Closed Zarxrax closed 1 year ago
Nevermind, I had somehow missed the info at the very bottom to download your actual dataset. It's starting to make sense now. I am putting together a new dataset to try to enhance the model even further. Would you be interested in working with me to train it?
@SkyTNT would you be able to explain a bit more about how the dataset works? I have finally gotten around to downloading the full thing and exploring the code.
My understanding is that the dataset is generated on the fly by compositing the BG and FG images with some augmentations. Really quite clever! But, if that is the case, then what is the purpose of the imgs & masks folders? Those masks are of extremely poor quality, so I'm not sure what they are supposed to be for.
@SkyTNT would you be able to explain a bit more about how the dataset works? I have finally gotten around to downloading the full thing and exploring the code.
My understanding is that the dataset is generated on the fly by compositing the BG and FG images with some augmentations. Really quite clever! But, if that is the case, then what is the purpose of the imgs & masks folders? Those masks are of extremely poor quality, so I'm not sure what they are supposed to be for.
The imgs & masks folder contains manually labeled images. But when I try to train using only the generated dataset, the accuracy of the model drops. I guess the generated datasets deviate from the real ones, so I kept them. According to my training, convert to sketch
data augmentation seems to be very helpful to improve the accuracy. But my convert to sketch
implementation should still need to be improved to make it closer to the real sketch. I also found that compositing and data augmentation at low resolutions can make image detail look unnatural. But doing it at high resolution will be slow. If your cpu is powerful enough, you can increase the resolution of DatasetGenerator, and add RescalePad(image_size) at transform_generator.
https://github.com/SkyTNT/anime-segmentation/blob/c98f338ce402a1e7bfccb93b66c9626c741b28c5/data_loader.py#L272-L273
Thanks, that is helpful to know. I will experiment with the augmentations, and I think I can put together an alternate dataset of the manually labeled images.
Currently I have been able to execute the training code, but I am running into a problem with export.py. RuntimeError: Error(s) in loading state_dict for AnimeSegmentation
Do you know what might cause this?
Can you provide more detailed information?
Oh, it was my mistake. I didn't realize the training was 2 steps (gt encoder, then the 2nd training), so I did not train long enough to be able to export.
After updating pytorch version to cuda 11.7, now I get an error when trying to train:
File "D:\Downloads\anime-segmentation\train.py", line 113, in training_step loss0, loss = self.net.compute_loss(loss_args) TypeError: ISNetGTEncoder.compute_loss() missing 1 required positional argument: 'targets'
Is it a bug with using cuda 11.7 pytorch? Shall I need to downgrade?
Did you modified ISNetGTEncoder.compute_loss? https://github.com/SkyTNT/anime-segmentation/blob/2373527d745755fbe2987ba146d9326fed8e8881/model/isnet.py#L431-L434
Thank you, it had changed somehow, so I was able to download the file again and it works. I am not sure what happened, but maybe I accidentally copied the file from the original DIS repo. I was looking at the code all day, so I probably made stupid mistakes.

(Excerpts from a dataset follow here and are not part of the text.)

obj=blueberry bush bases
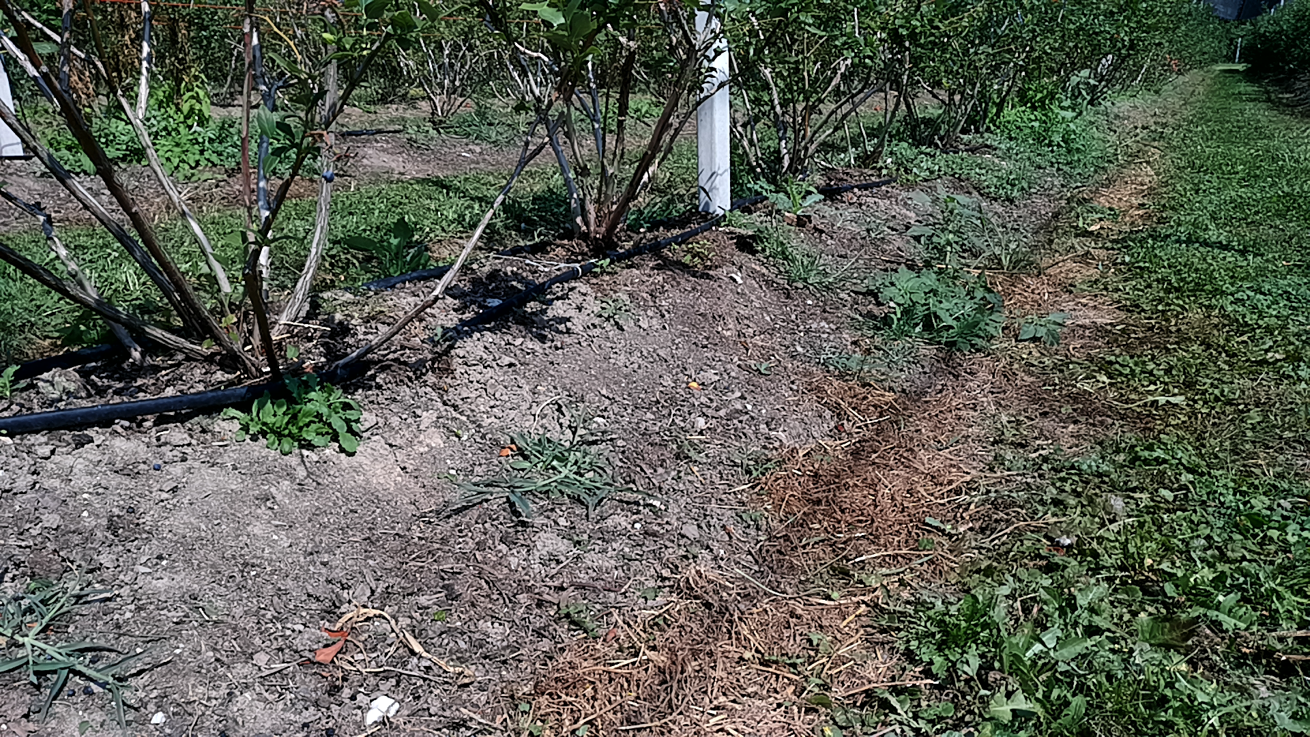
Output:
[527,150,678,279]
[742,116,845,207]
[889,112,976,167]
[823,126,894,178]
[412,97,471,140]
[46,214,438,440]
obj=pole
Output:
[682,11,746,225]
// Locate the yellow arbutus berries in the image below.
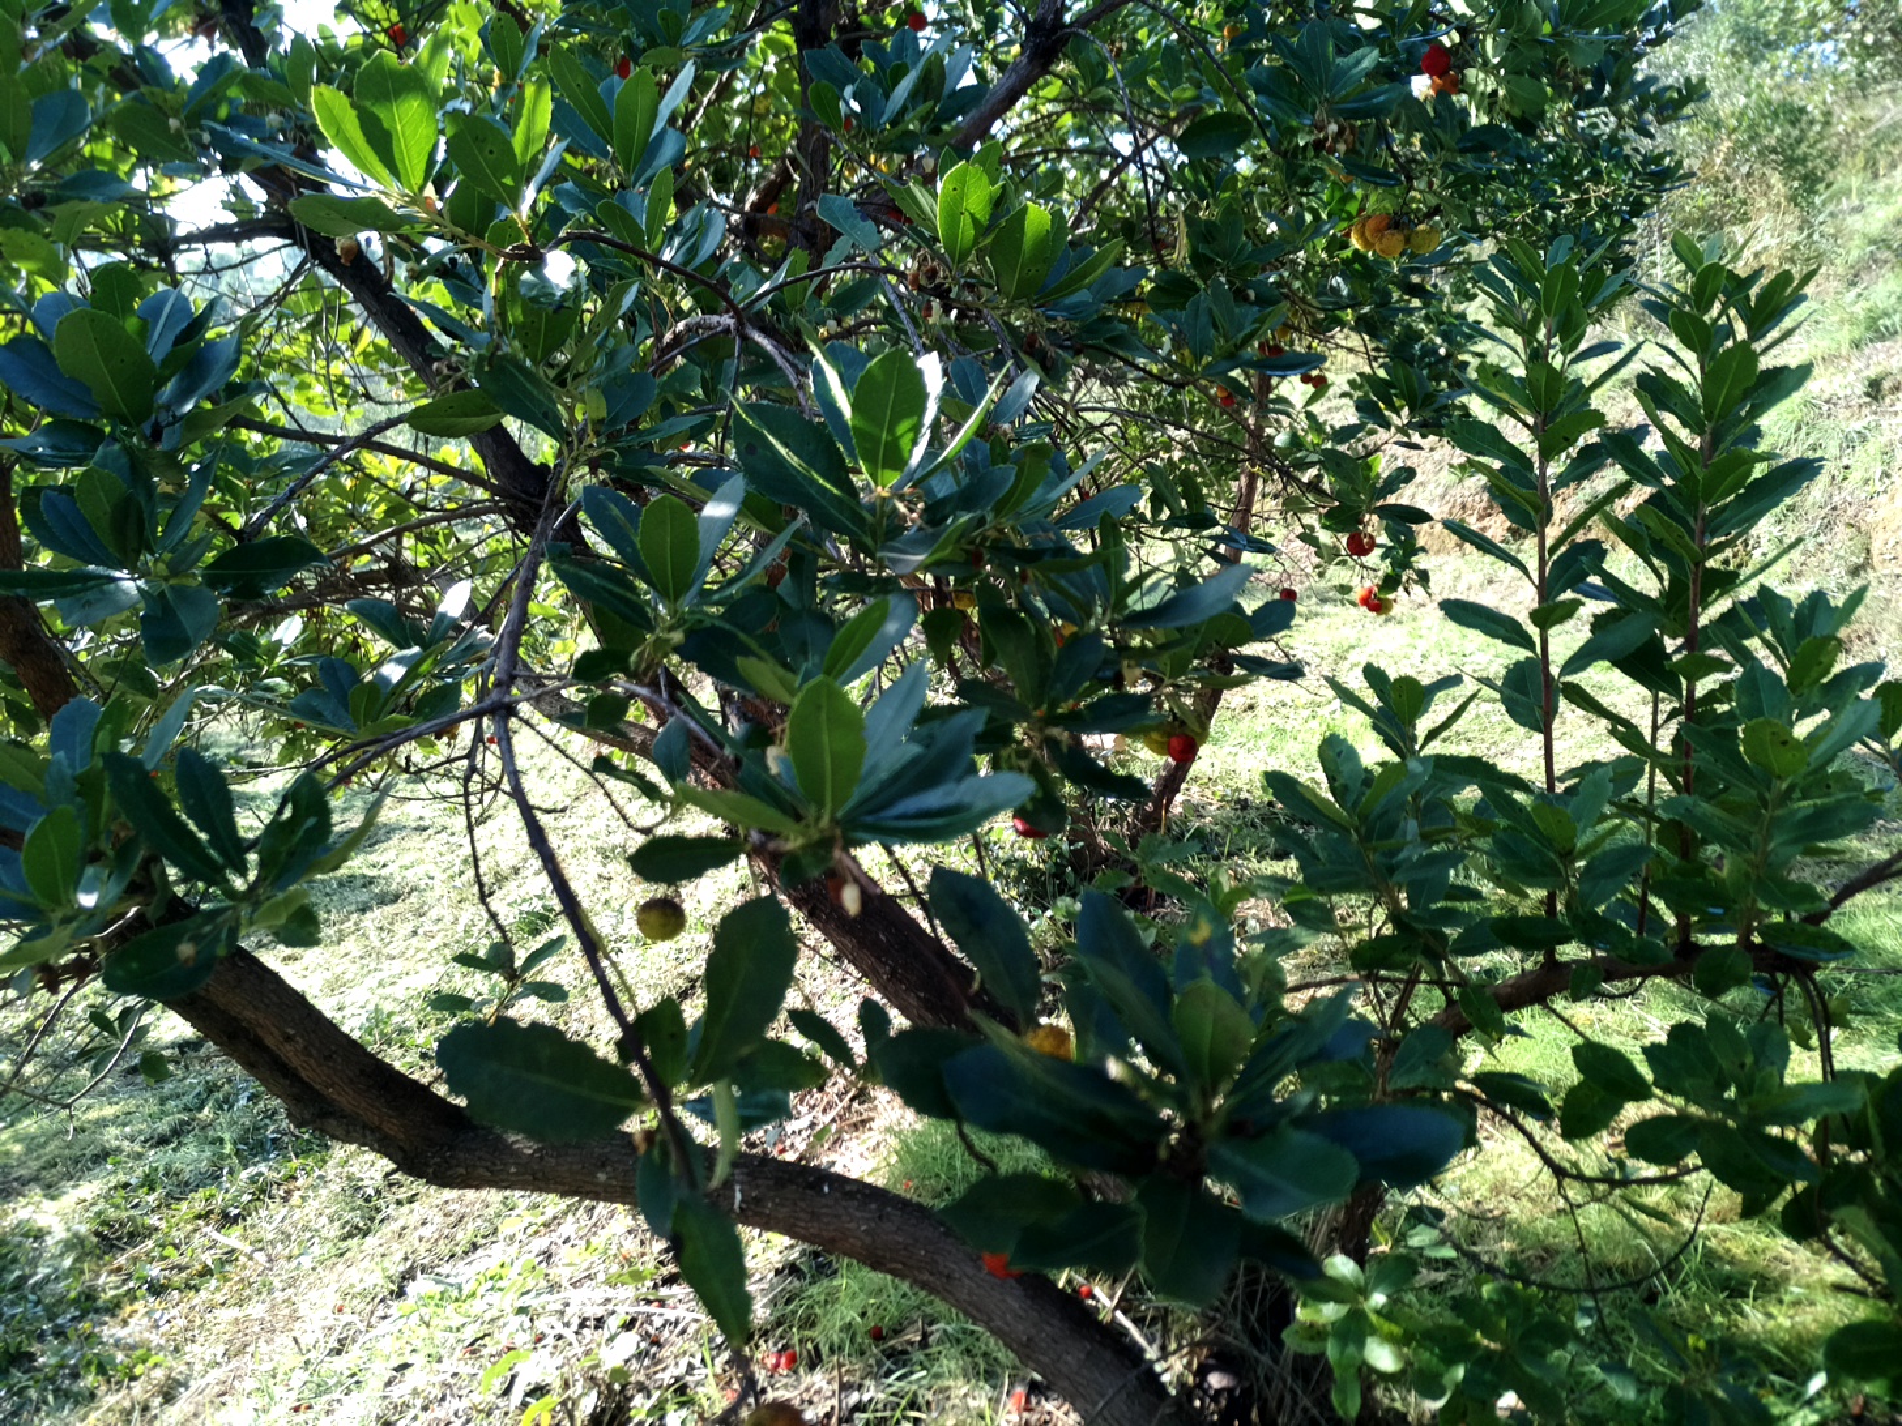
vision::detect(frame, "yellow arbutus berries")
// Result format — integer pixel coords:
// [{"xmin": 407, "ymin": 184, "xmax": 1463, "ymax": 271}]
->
[
  {"xmin": 1224, "ymin": 24, "xmax": 1241, "ymax": 41},
  {"xmin": 1025, "ymin": 1024, "xmax": 1073, "ymax": 1063},
  {"xmin": 1377, "ymin": 229, "xmax": 1405, "ymax": 257},
  {"xmin": 1365, "ymin": 214, "xmax": 1393, "ymax": 241},
  {"xmin": 1277, "ymin": 325, "xmax": 1289, "ymax": 338},
  {"xmin": 1217, "ymin": 385, "xmax": 1229, "ymax": 397},
  {"xmin": 1351, "ymin": 222, "xmax": 1375, "ymax": 251}
]
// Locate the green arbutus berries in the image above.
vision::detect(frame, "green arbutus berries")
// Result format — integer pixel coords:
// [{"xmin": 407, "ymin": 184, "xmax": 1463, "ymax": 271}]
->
[
  {"xmin": 1410, "ymin": 223, "xmax": 1439, "ymax": 254},
  {"xmin": 1377, "ymin": 596, "xmax": 1393, "ymax": 614},
  {"xmin": 637, "ymin": 898, "xmax": 689, "ymax": 942}
]
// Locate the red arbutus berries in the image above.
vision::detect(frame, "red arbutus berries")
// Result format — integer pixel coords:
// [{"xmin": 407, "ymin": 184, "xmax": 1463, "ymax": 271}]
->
[
  {"xmin": 1222, "ymin": 392, "xmax": 1235, "ymax": 407},
  {"xmin": 1011, "ymin": 811, "xmax": 1049, "ymax": 841},
  {"xmin": 1367, "ymin": 598, "xmax": 1381, "ymax": 612},
  {"xmin": 1422, "ymin": 45, "xmax": 1451, "ymax": 77},
  {"xmin": 908, "ymin": 12, "xmax": 927, "ymax": 31},
  {"xmin": 844, "ymin": 116, "xmax": 853, "ymax": 131},
  {"xmin": 1346, "ymin": 529, "xmax": 1376, "ymax": 556},
  {"xmin": 749, "ymin": 144, "xmax": 761, "ymax": 157},
  {"xmin": 1432, "ymin": 70, "xmax": 1459, "ymax": 96},
  {"xmin": 1312, "ymin": 374, "xmax": 1328, "ymax": 389},
  {"xmin": 1167, "ymin": 732, "xmax": 1198, "ymax": 763},
  {"xmin": 1280, "ymin": 587, "xmax": 1297, "ymax": 602},
  {"xmin": 1269, "ymin": 345, "xmax": 1284, "ymax": 358},
  {"xmin": 979, "ymin": 1248, "xmax": 1026, "ymax": 1282},
  {"xmin": 617, "ymin": 56, "xmax": 630, "ymax": 80},
  {"xmin": 1357, "ymin": 587, "xmax": 1373, "ymax": 606},
  {"xmin": 1301, "ymin": 373, "xmax": 1312, "ymax": 384},
  {"xmin": 766, "ymin": 201, "xmax": 780, "ymax": 216},
  {"xmin": 387, "ymin": 24, "xmax": 410, "ymax": 47}
]
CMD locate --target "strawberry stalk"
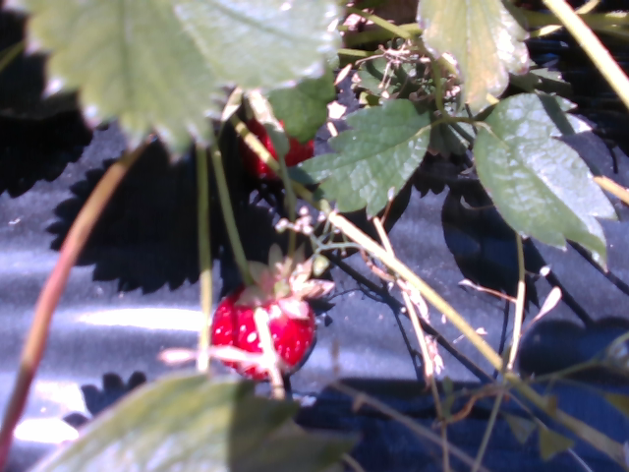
[256,184,310,322]
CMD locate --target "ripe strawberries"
[208,271,325,378]
[238,101,327,178]
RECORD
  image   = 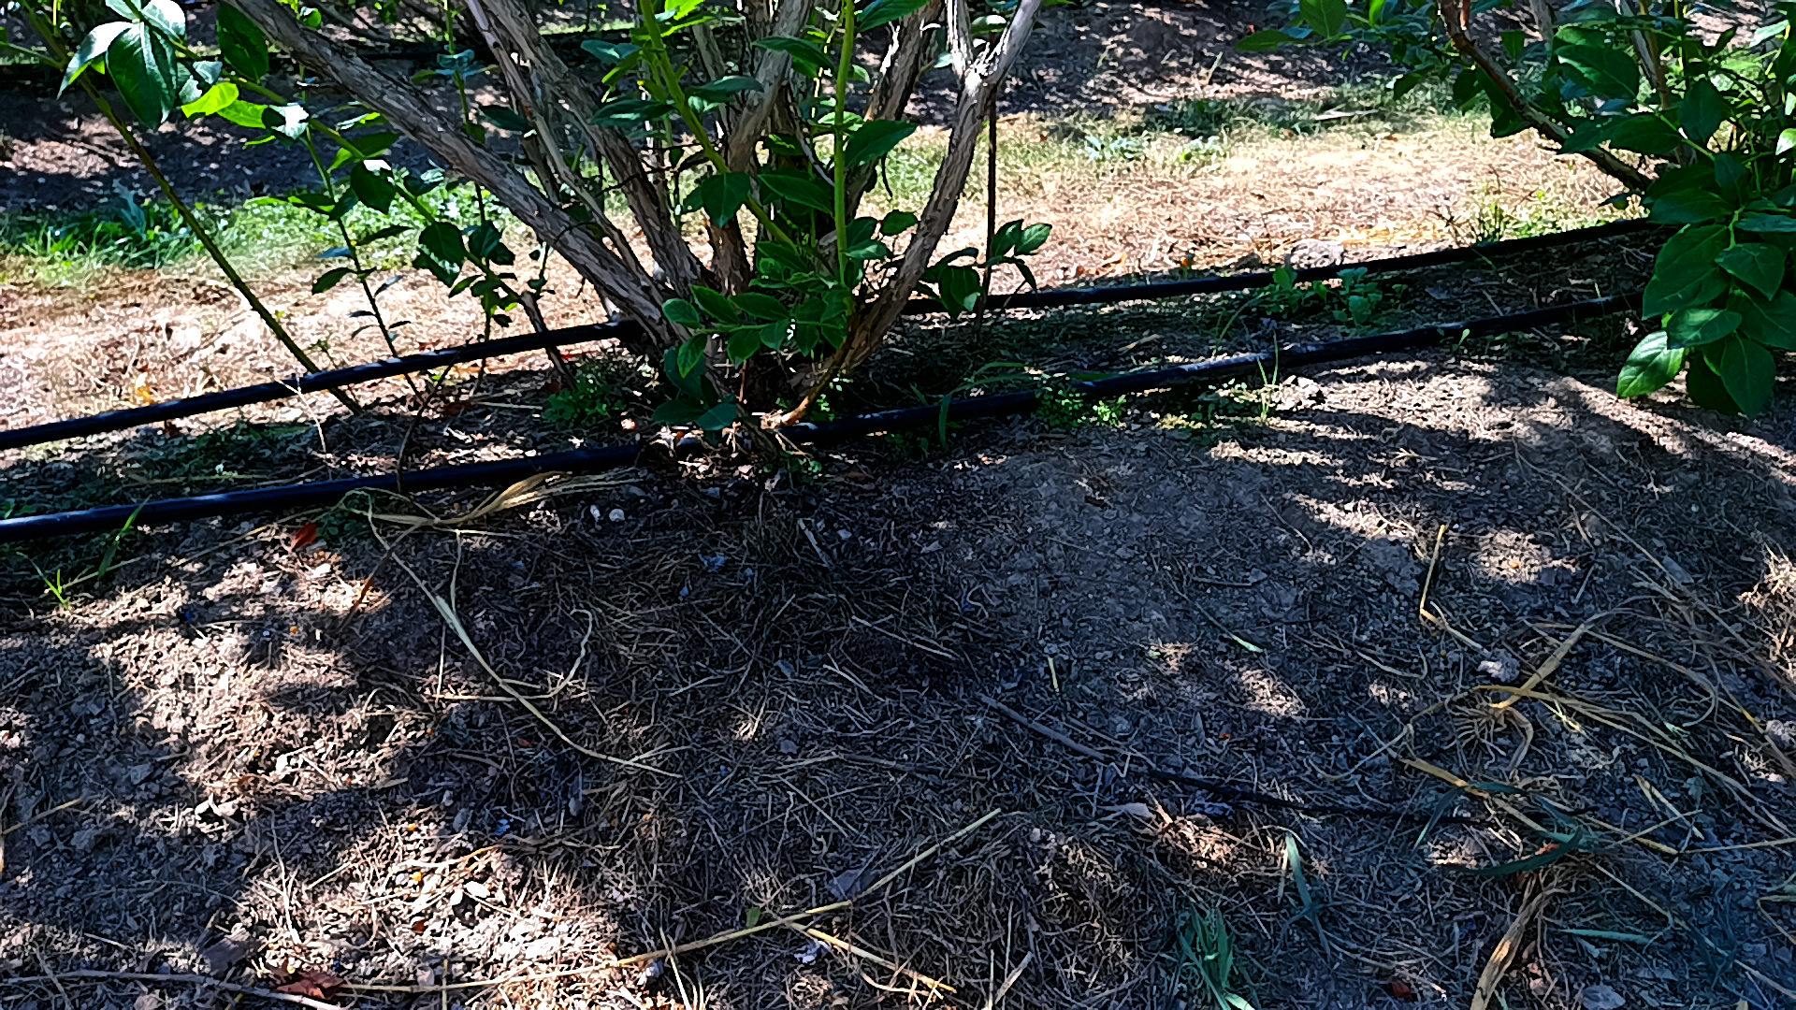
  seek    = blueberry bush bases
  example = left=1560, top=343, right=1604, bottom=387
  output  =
left=1504, top=45, right=1795, bottom=351
left=494, top=106, right=1062, bottom=454

If I want to write the generated dataset images to files on my disk, can you recommend where would be the best place to insert the code for that? I would like to see the images so I can tweak it more easily.
You can insert the code at https://github.com/SkyTNT/anime-segmentation/blob/2373527d745755fbe2987ba146d9326fed8e8881/dataset_generator.py#L311-L312 with argparse.ArgumentParser
A few more questions, if you don't mind.
Thanks!
Hi, could you provide more detail about how you put together the dataset and trained the model? I am interested in trying to train it, but am confused about the structure of the dataset.